For the project I recently working on (fetching data and analyse them), I setup a crawler and analyser cluster.
First many(as many crawler as to make the max of the server) crawlers must be spawned and configured.
Since the crawler can use zookeeper to configure it self, the configuration part is not need to considered.
The hard part of this architecture is that, you’ll need to launch many crawler instance by hand, and if you want to reconfigure them(for example, the data processing rules, they are loaded at the very beginning, and won’t get reload in the whole processing time, part for rules won’t change that much, and part for the rules need to be compiled).
Sure, I have wrote a script to launch and kill the crawlers, here is the thoughts on how to implement the script and what function should it have:
- 1 It must be executable and nearly dependless on most of the Linux distributions
- 2 It must be easy to deploy on many machines, or has the self publish function.

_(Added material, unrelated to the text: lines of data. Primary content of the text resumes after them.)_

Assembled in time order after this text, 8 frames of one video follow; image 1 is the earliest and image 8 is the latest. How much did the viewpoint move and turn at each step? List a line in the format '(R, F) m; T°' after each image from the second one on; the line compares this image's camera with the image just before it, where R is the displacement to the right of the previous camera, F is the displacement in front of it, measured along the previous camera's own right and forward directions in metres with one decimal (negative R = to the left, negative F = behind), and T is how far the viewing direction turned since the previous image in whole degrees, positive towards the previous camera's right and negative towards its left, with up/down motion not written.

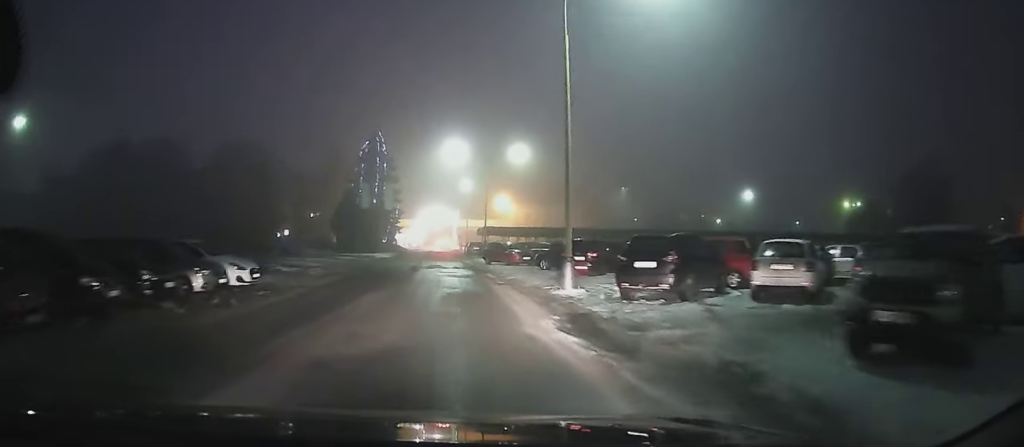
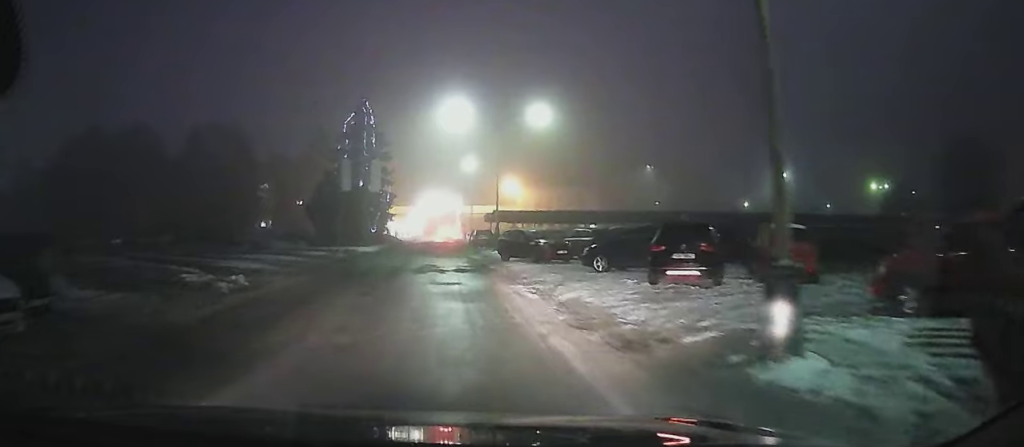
(0.0, +12.3) m; 0°
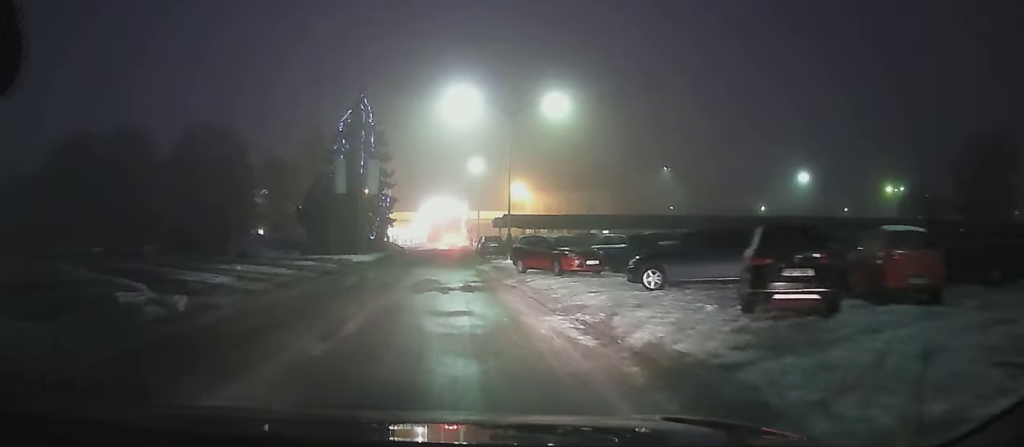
(0.0, +6.3) m; 0°
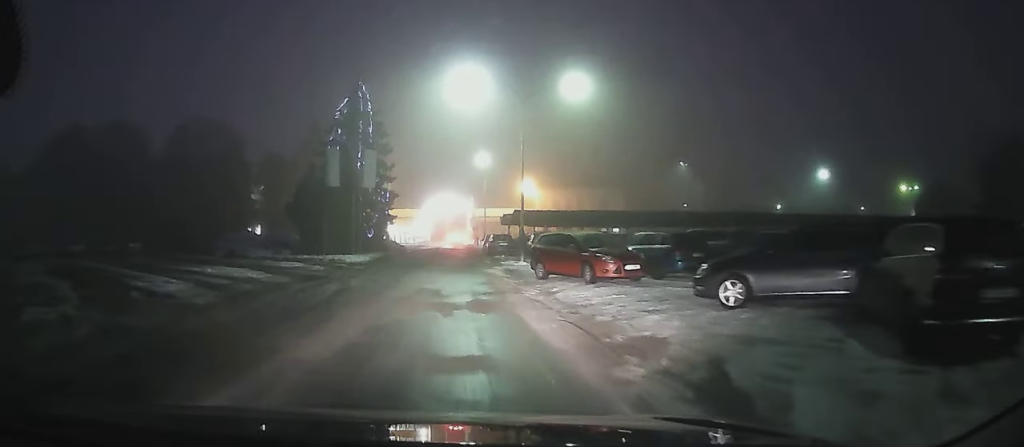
(0.0, +4.7) m; 0°
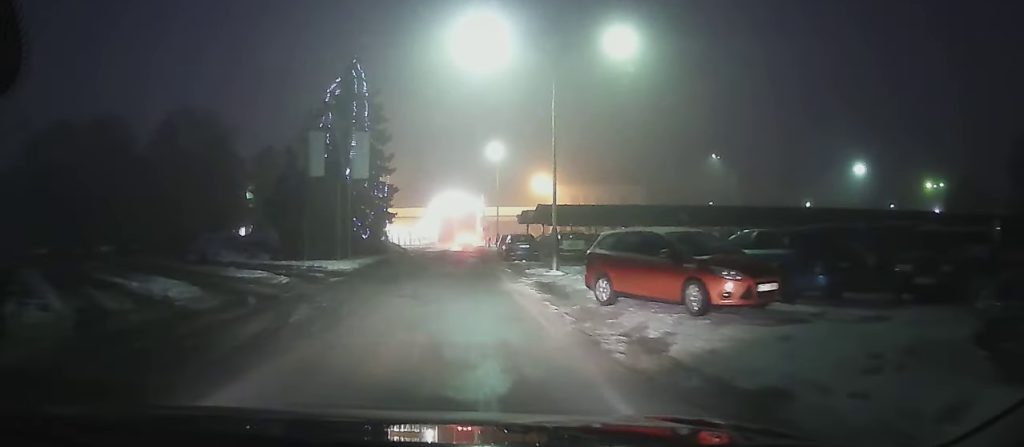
(0.0, +7.3) m; 0°
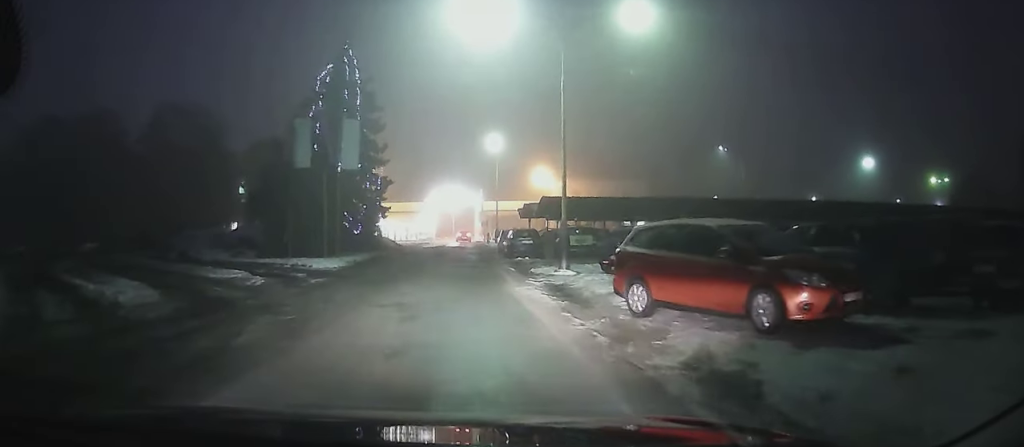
(0.0, +2.9) m; 0°
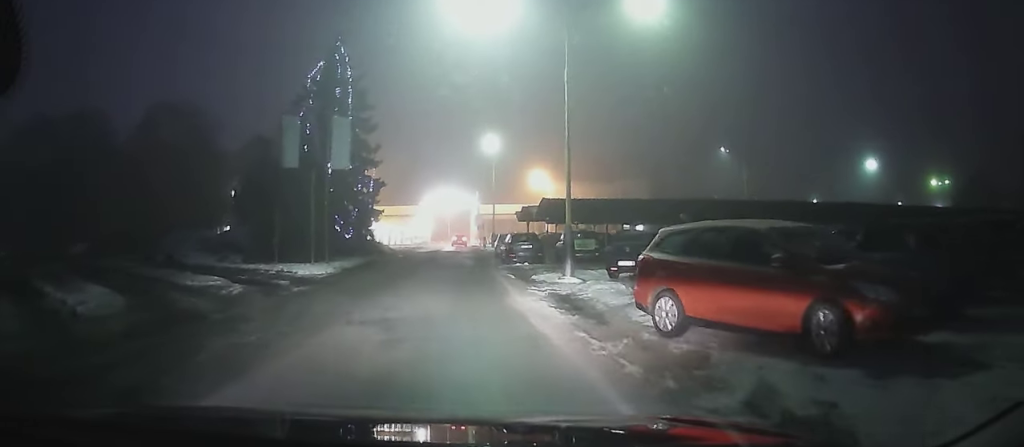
(0.0, +3.0) m; 0°
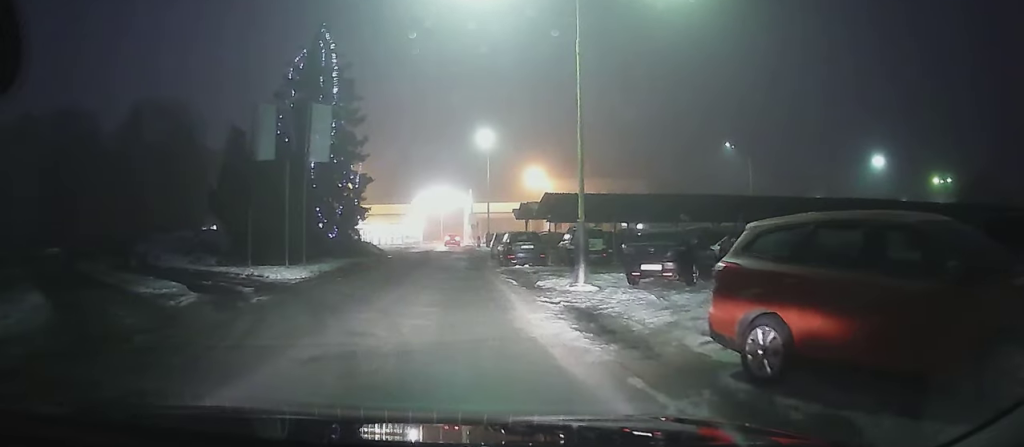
(0.0, +5.8) m; 0°

This is a very fundamental function of this launching script. Since I just tired of deploy the crawler over many machines, and deploy the script bring even more burden for me.

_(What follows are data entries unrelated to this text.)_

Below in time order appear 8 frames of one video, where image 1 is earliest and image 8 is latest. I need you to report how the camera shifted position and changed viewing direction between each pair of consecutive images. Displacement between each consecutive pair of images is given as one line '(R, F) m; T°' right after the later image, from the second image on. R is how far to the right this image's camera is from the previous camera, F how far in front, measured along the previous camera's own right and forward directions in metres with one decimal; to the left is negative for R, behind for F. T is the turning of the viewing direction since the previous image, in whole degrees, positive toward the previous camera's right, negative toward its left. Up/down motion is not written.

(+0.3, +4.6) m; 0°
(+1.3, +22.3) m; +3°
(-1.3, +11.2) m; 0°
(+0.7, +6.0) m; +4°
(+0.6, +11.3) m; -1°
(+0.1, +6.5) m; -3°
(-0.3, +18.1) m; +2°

And the crucial part of this function is that, how to publish the scripts it self to many machines so that you can spawn many processes on that machine and keep management them.
For publish the script to other machine, we can use scp, a powerful, easy and safe way to copy resources from machine to machine. Just need a little configuration, you can copy the files from master to many slaves without interaction.
I can wrote a script to handle that, so that after I deploy the script on the master machine, I can deploy it automatically to many slave machines
For this function, I find out taktuk, a very good tool to play and use in order to manage many slave machines(say, install java or jersey for them). It use perl as its own language, and has more power on the publish, but I won’t talk about it very deeply in this article, since it don’t have the ability of spawning many processes and manage them(but you can really use it as the publish layer)
- 3 It should be thin, light and costless for spawning processes
I don’t think run this script as a server is a good idea (at least for my opinion). The script just launching the processes with proper stdin, stderr, stdout, working directory and die after that. I don’t think keep this script running and wasting the resources is a wise idea. It is just a launcher after all .
- 4 It should be configurable, say to launch how many process at 1 time
As I wrote on the above, I want the script to launch many crawler on 1 machine, so that the crawler will take as many resource on that machine as we can get. So, I want the script can spawn many crawler processes at 1 time, and each has its own stdout and std error.
And, yes, the slave machines’s ip should be configurable for this script.
- 5 * It should launch the process as daemon*
Since the crawler runs day and night on the server. I don’t want it lives only in my ssh session. So I must make them an OS daemon to run in the background and do not harm by any signals or sessions. The script can use daemonize or nohup to achieve this
- 6 It should provide the function to check the process running status
Since the crawlers are programs(and the number of them is not few), so no wonder some of the crawler gets this or that problem and stop working(say bugs, lack of memory and disk, java vm crushing or kernel crushing).
So, I need to check for their health, so, if some slave’s crawler has died, or 1 slave is restarted, I can know it when I check, or I can write a script to check that, if there is something wrong, it can send me an email about the problem, so I can get a plan to restart them or doing something else.
- 7 It should provide the function to kill the processes running
This is very useful for redeploying the scripts, or redeploying the data analyse rules for all the crawlers. Say, if I have add another rule to the crawler, I need to publish the rule to all the slave machine(this can be done easily using taktuk), and I need to restart all the crawler processes.
So, for argument 1, 2 and 3, I think bash and perl is the best choice. And the publishing and remote executing can use taktuk to handle, I choose bash as the script language.
Thanks for taktuk’s ability, so I can use the logic for master and manage all the servers, so I just need to redirect the stdout to the master and I can get every detail of the slave’s status.
May be you will ask: Why bother? If you just need a job manager, Why not use Hadoop? Hadoop is very good at executing and manage jobs.
The answer is that hadoop or map reduce is not fit for crawling. Crawling is something like a recursive tool. Crawling start at a beginning point, and found more and more task from that, you don’t know how many times should that recur, but map reduce is not good at recursive operations.
I surely use hadoop, but just to handle the data that crawler has fetched, but as crawler, it is not useful.
At the end of this article, I would say, to run a cluster of crawler is very difficult, the logic of crawler is very complex if you want crawler won’t cost very much of your precious time. I’ll write how I wrote the crawler in another article.
Thanks for taktuk, without it, the work for my scripting tool can be more harder than writing the crawler. Life is hard for analysing massive data, but with a better tool, at least, your life will be easier.